Your task
Pictures appear among the records. Write out all else exactly as it stands.

Data provided
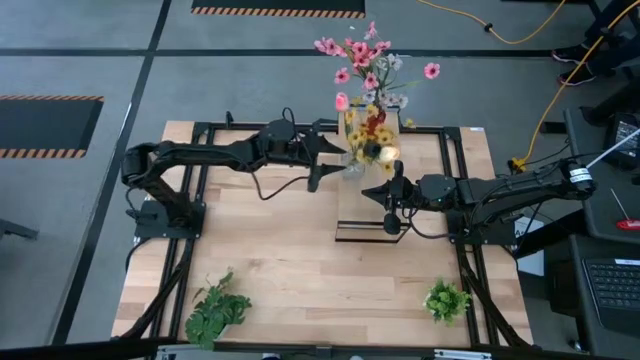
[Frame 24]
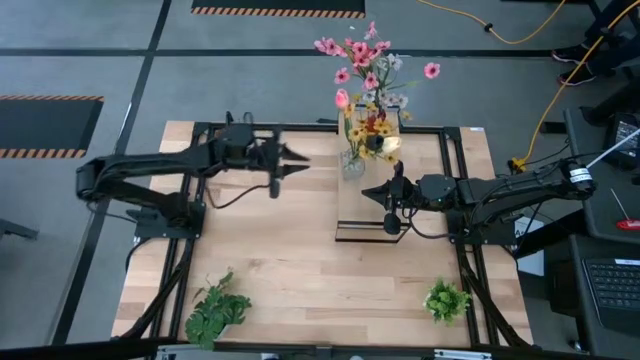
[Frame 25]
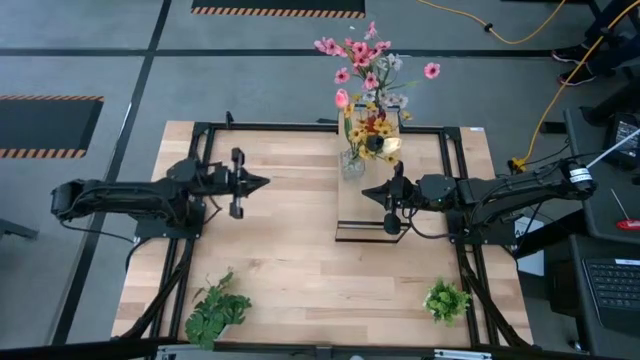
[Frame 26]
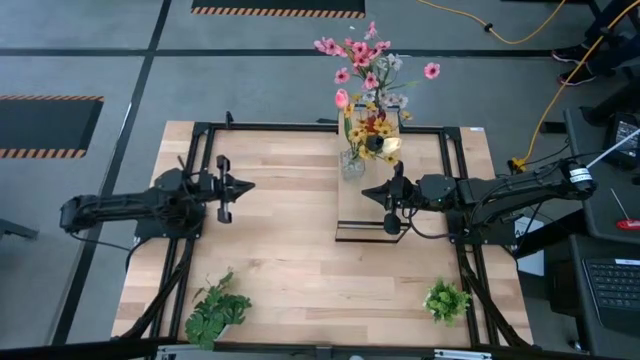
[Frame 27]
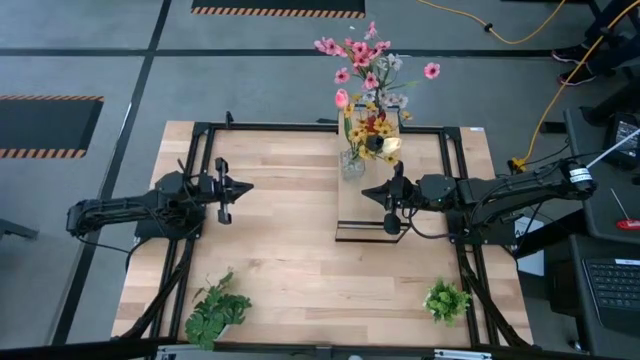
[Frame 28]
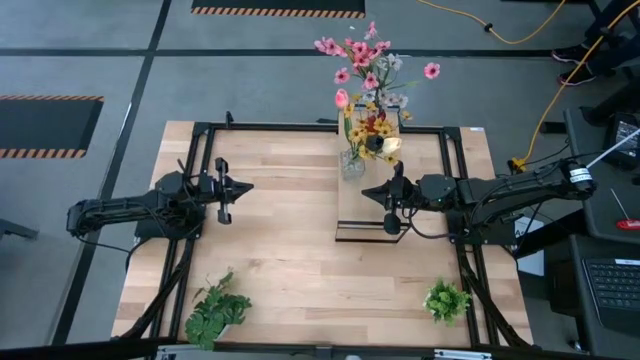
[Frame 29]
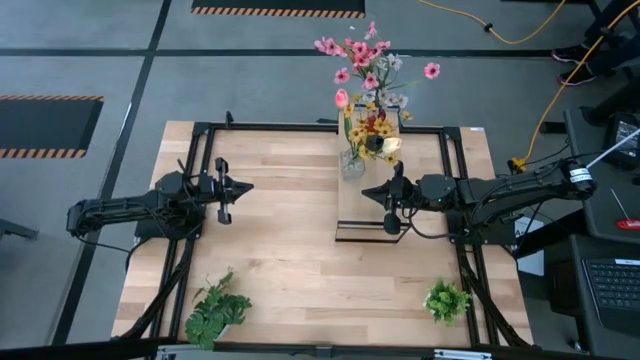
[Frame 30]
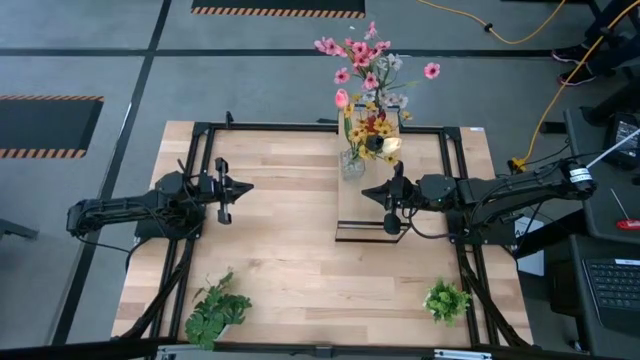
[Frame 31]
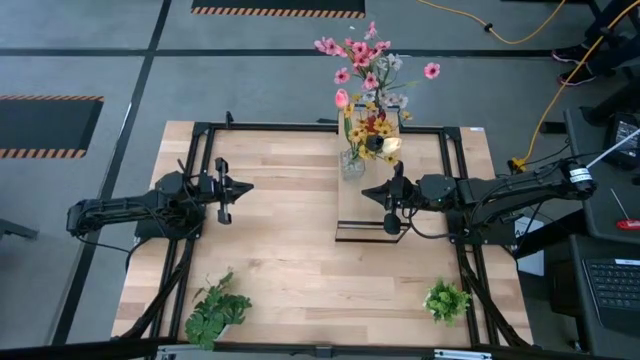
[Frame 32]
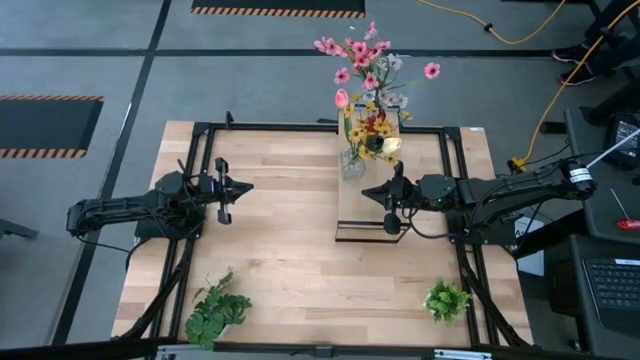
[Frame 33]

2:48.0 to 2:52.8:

Output for this exercise
[Frame 24]
[Frame 25]
[Frame 26]
[Frame 27]
[Frame 28]
[Frame 29]
[Frame 30]
[Frame 31]
[Frame 32]
[Frame 33]

2:48.0 to 2:52.8:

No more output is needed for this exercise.